Harmonia Mundi a eu une excellente idée en rééditant cette série conçue par Olivier Bernager et François Manceaux et réalisée entre 1987 et 1991. Les bonnes émissions de vulgarisation sur la musique sont rares et celles consacrées à l’interprétation ainsi qu’à la transmission du savoir manquent encore plus cruellement à l’appel. Le cycle s’ouvre avec la leçon de René Jacobs, qui tient lui-même le clavecin pour des artistes alors inconnues mais promises à un bel avenir : Maria Cristina Kiehr et Susanne Rydén, ses élèves à la prestigieuse Schola Cantorum Basiliensis, que nous découvrons dans trois airs de Haendel. Un extrait de concert donné par René Jacobs complète le programme, Yvon Repérant (clavecin), Roel Dieltiens (violoncelle) et Marc Hantaï (flûte), alors fraîchement diplômé du Conservatoire de Bruxelles où il suivait l’enseignement de Barthold Kuijken, l’accompagnant dans le premier récitatif et la merveilleuse sicilienne de « Mi palpita il cor ».
Difficile de revoir aujourd’hui le film de Claude Mouriéras sans éprouver un pincement au cœur en songeant à cette époque bénie où René Jacobs chantait et furetait loin des sentiers battus pour nous révéler des trésors oubliés. Des clairs-obscurs de cette voix si personnelle, c’est tout un chapitre, parmi les plus exaltants, du mouvement baroque qui rejaillit et nous donne furieusement envie de réécouter des enregistrements qui ont marqué l’histoire du disque. Le seul catalogue d’Harmonia Mundi peut d’ailleurs se transformer en une magnifique invitation au voyage pour les mélomanes qui ne connaîtraient pas la maniera di cantare du Gantois.
Et pourtant le documentaire a mal vieilli, à commencer par l’image, excessivement crue, et le son, médiocre, en particulier lorsque le maître a la parole : un comble ! Il nous faut parfois augmenter le volume et revenir en arrière pour comprendre certaines interventions, car on ne veut rien manquer d’un exposé passionnant, lumineux, érudit mais vivant, dont le seul défaut consiste à aiguiser notre soif d’apprendre et de comprendre en l’étanchant à peine. Le temps passe beaucoup trop vite et on préfèrerait mille fois rester dans cette villa pour écouter intégralement la master class de Jacobs plutôt que de le suivre dans les rues de Montepulciano.

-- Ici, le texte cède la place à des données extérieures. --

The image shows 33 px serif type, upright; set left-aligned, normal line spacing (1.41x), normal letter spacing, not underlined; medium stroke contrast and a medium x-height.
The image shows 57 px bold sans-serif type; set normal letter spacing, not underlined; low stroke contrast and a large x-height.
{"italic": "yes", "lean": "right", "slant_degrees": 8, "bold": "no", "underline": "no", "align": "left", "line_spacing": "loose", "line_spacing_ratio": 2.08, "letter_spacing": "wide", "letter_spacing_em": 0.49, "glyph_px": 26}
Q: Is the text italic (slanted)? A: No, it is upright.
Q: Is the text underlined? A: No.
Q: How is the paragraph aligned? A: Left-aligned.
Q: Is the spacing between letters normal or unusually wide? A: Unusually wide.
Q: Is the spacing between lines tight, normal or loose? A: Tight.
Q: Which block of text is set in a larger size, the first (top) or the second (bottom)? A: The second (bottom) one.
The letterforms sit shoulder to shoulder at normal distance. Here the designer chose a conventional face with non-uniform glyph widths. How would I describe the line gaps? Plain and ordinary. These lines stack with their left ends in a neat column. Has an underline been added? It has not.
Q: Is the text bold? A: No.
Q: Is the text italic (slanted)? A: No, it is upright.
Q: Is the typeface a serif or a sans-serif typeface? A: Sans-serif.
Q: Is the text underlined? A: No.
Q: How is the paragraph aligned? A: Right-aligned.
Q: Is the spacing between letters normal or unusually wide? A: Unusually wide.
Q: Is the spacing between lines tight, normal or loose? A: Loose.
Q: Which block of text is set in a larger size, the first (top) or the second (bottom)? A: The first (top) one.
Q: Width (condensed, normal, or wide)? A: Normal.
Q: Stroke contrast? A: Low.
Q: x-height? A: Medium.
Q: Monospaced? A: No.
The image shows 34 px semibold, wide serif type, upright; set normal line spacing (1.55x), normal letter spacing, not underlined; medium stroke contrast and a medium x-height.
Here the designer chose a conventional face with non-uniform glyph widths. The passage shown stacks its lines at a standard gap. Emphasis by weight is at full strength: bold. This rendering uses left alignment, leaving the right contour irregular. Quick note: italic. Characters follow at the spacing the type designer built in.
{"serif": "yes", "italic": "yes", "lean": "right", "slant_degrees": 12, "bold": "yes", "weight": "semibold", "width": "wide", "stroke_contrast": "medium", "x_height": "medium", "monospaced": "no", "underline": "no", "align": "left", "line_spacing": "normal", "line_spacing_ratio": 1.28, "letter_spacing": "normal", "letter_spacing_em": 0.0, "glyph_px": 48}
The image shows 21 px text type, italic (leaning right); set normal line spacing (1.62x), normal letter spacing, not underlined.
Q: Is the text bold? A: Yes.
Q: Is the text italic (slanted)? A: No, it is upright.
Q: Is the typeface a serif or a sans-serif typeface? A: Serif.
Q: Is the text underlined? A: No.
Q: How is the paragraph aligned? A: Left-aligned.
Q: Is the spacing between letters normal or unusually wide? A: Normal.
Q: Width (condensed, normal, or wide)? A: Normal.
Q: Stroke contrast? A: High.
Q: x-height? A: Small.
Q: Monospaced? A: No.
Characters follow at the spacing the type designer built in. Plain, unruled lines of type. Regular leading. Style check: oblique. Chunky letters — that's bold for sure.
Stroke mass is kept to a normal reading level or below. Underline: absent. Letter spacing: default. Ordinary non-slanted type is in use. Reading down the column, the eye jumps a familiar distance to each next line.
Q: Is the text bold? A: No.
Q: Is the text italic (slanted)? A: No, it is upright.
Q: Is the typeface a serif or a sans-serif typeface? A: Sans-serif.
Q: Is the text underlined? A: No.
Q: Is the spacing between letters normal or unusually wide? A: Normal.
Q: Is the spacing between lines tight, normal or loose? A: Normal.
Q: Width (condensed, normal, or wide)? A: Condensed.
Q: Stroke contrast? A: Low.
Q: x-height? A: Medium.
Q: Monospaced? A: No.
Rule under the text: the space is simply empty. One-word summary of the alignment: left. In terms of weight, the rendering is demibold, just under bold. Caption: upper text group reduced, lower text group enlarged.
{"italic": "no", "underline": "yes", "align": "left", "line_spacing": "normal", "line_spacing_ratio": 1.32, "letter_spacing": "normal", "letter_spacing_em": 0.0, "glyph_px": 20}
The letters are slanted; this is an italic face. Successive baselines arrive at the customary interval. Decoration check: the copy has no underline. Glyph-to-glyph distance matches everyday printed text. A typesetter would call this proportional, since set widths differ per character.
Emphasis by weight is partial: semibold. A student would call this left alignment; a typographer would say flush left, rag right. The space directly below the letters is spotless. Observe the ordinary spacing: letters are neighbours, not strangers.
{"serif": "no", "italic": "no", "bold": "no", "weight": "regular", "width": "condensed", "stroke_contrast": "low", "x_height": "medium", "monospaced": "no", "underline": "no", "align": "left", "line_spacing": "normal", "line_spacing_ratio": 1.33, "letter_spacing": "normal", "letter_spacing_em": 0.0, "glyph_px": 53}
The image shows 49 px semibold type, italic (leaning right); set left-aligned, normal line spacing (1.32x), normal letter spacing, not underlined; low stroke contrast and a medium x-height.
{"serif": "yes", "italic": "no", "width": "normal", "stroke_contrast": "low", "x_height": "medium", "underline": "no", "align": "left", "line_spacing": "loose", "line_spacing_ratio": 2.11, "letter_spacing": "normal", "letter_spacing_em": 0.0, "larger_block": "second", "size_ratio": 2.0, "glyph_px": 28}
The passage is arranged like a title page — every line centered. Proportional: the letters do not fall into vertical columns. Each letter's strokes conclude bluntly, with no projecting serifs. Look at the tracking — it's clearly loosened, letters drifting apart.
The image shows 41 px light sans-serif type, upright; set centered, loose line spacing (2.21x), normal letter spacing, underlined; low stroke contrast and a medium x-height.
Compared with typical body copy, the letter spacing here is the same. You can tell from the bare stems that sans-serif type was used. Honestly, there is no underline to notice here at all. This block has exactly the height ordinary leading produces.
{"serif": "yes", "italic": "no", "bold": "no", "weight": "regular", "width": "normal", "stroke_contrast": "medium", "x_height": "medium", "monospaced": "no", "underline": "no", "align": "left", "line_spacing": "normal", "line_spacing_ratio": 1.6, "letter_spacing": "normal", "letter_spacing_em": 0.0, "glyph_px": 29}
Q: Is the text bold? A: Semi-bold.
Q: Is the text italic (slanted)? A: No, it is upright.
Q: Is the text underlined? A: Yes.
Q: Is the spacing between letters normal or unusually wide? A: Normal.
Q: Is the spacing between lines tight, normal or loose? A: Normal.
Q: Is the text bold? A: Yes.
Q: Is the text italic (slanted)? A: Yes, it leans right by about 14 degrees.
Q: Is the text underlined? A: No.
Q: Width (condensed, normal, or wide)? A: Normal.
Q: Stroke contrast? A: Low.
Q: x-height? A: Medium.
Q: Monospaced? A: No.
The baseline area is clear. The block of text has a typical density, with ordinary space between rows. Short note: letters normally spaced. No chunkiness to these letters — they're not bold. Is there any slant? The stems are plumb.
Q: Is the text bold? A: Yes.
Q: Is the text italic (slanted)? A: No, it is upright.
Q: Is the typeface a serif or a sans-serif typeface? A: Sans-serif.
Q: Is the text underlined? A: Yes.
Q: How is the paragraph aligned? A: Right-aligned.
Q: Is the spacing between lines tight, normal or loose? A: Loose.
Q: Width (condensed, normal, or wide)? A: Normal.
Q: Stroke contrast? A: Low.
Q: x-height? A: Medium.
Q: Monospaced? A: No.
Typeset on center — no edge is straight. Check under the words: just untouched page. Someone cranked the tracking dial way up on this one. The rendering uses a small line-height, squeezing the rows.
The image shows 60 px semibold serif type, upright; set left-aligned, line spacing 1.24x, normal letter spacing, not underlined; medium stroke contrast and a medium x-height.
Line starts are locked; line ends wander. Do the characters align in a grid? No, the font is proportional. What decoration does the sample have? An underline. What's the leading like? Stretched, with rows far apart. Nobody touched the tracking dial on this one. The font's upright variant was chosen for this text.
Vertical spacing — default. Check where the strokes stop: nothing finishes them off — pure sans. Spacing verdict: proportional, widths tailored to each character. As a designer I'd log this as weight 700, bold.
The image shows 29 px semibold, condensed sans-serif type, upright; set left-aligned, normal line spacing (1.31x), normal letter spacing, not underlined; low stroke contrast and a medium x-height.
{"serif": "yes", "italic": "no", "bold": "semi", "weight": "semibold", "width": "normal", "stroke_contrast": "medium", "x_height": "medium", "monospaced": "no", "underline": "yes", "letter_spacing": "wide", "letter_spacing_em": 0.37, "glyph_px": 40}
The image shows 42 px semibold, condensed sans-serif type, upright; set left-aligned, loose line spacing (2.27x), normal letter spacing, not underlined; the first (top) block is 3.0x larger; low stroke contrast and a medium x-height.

S’il n’évoque son parcours qu’en quelques mots, ce dernier nourrit sa démarche et c’est, par exemple, en véritable philologue que le contre-ténor évoque Cicéron pour mieux expliquer la rhétorique à l’œuvre dans l’aria da capo. Le pédagogue, qui chante volontiers pour montrer l’exemple, tient des propos particulièrement éclairants sur le trille, les cadences ou les spécificités stylistiques de la cantate, mais s’attache d’abord au sens des paroles et à l’expression, soulignant le rôle crucial de l’interprète dans le processus de création. Si Maria Cristina Kiehr et Susanne Rydén se sont fait un nom dans le répertoire du Seicento, où la musique sert encore le texte, l’enseignement de René Jacobs n’y est sans doute pas étranger.